The main predictor of interest is type of cheese (A, B, C and D). The data could arrive in ungrouped form, with one record per subject (as below) where the first column indicates the type of cheese and the second column the value of Y:

A 1
A 3
B 4
C 1
D 9
A 3
B 2
D 7
D 1
.
.
D 9
.
.

Or it could arrive in grouped form (e.g., table):

Cheese
Response category
1
2
3
4
5
6
7
8
9
A
0
0
1
7
8
8
19
8
1
B
6
9
12
11
7
6
1
0
0
C
1
1
6
8
23
7
5
1
0
D
0
0
0
1
3
7
14
16
11

Sampling Model

In ungrouped form, the response occupies a single column of the dataset, but in grouped form the response occupies r columns. Most computer programs for polytomous logistic regression can handle grouped or ungrouped data.

Whether the data are grouped or ungrouped, we will imagine the response to be multinomial. That is, the "response" for row i,

\(y_i=(y_{i1},y_{i2},\ldots,y_{ir})^T \),

is assumed to have a multinomial distribution with index \(n_i=\sum_{j=1}^r y_{ij}\) and parameter

\(\pi_i=(\pi_{i1},\pi_{i2},\ldots,\pi_{ir})^T \).

For example, for the first row, cheese A, π1 = (π11, π12, . . . , π19)T.

  • If the data are grouped, then ni is the total number of "trials" in the ith row of the dataset, and yij is the number of trials in which outcome j occurred. For example, for the first row, cheese A, n1 = 52, and there are 0 people who have a strong dislike for this cheese, y11 = 0 or just dislike the cheese A, y12 = 0.
  • If the data are ungrouped, yi = 1 implies that the outcome has occurred and yi = 0 if it has not, while ni = 1. Note, however, that if the data are ungrouped, we do not have to actually create a dataset with columns of 0's and 1's; a single column containing the response level 1, 2, . . . , r is sufficient like above for the cheese example.

Describing polytomous responses by a sequence of binary models.

In some cases, it makes sense to "factor" the response into a sequence of binary choices and model them with a sequence of ordinary logistic models. The number of binary logistic regressions needed is equal to the number of categories of the response minus 1, e.g., r-1.
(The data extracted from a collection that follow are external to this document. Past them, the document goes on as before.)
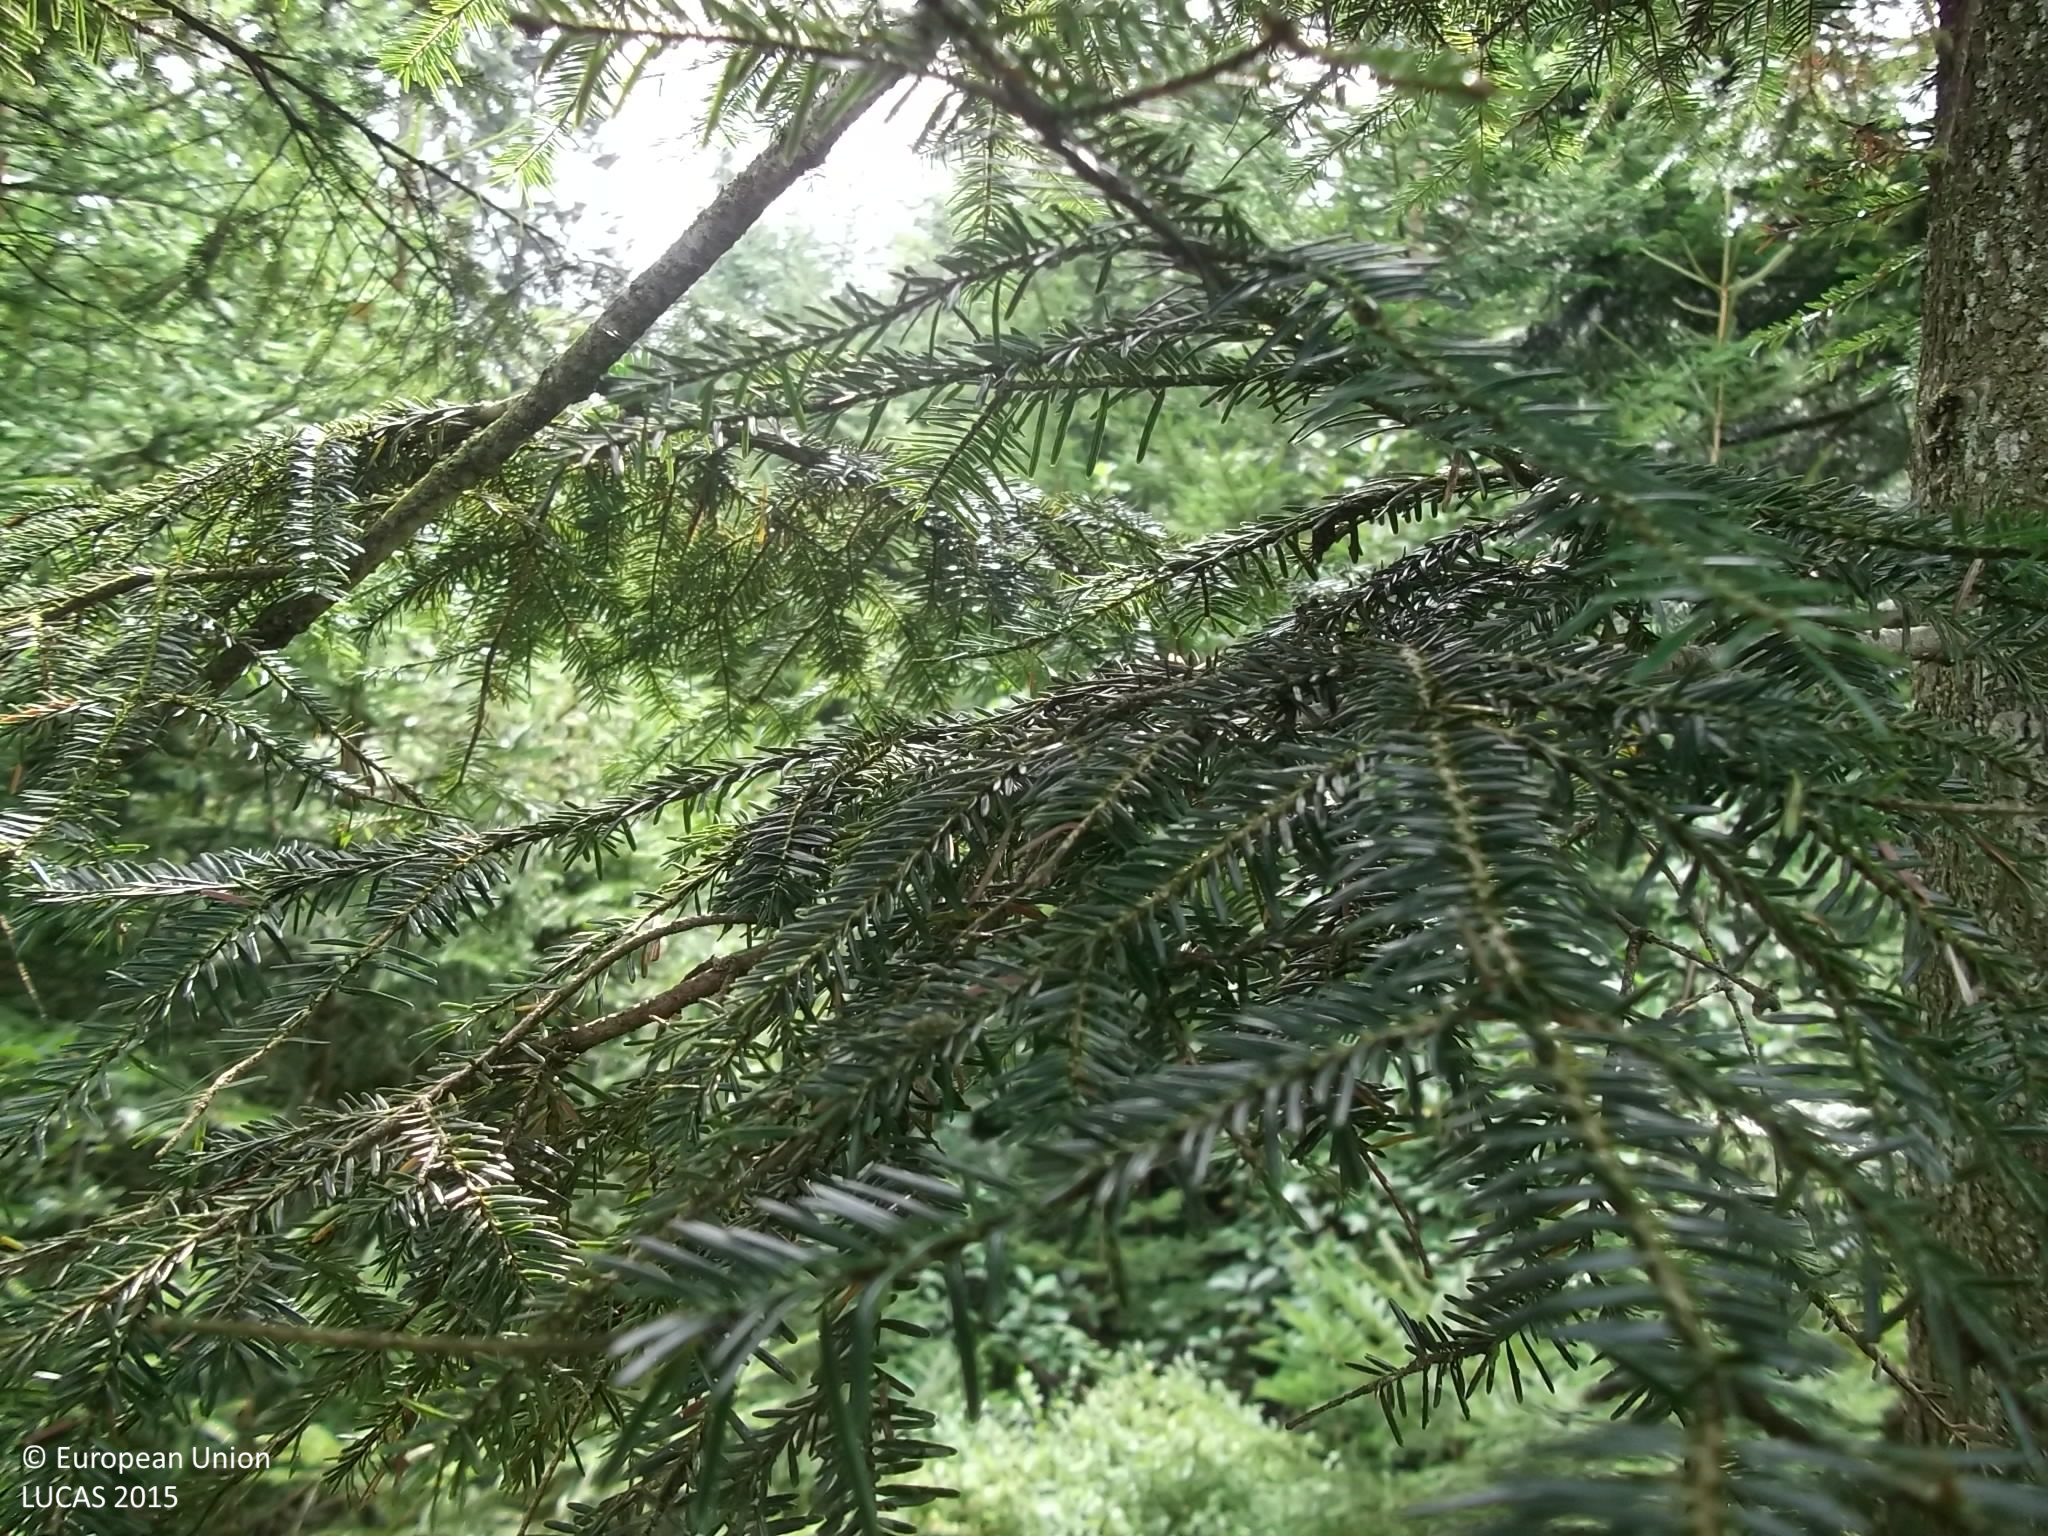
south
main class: Grassland
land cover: Grassland with sparse tree/shrub cover
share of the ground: > 75 %
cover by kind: herbaceous plants 90 %, coniferous forest trees 5 %, shrubs 5 %
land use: Forestry
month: August
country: AT
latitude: 47.9742
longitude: 13.3613

For example, consider a medical study to investigate the long-term effects of radiation exposure on mortality. The response variable has four levels (Y=1 if alive, Y=2 if dead from cause other than cancer, Y=3 if dead from cancer other than leukemia, and Y=4 if dead from leukemia). The main predictor of interest is level of exposure (low, medium, high). The four-level response can be modeled via a single multinomial model, or as a sequence of binary choices in three stages:

plot

  • The stage 1 model, which is fit to all subjects, describes the log-odds of death.
  • The stage 2 model, which is fit only to the subjects that die, describes the log-odds of death due to cancer versus death from other causes.
  • The stage 3 model, which is fit only to the subjects who die of cancer, describes the log-odds of death due to leukemia versus death due to other cancers.

Because the multinomial distribution can be factored into a sequence of conditional binomials, we can fit these three logistic models separately. The overall likelihood function factors into three independent likelihoods.

This approach is attractive when the response can be naturally arranged as a sequence of binary choices. But in situations where arranging such a sequence is unnatural, we should probably fit a single multinomial model to the entire response. The cheese example above would not be a good example for  the binary sequence approach since we are dealing with four very different cheese types.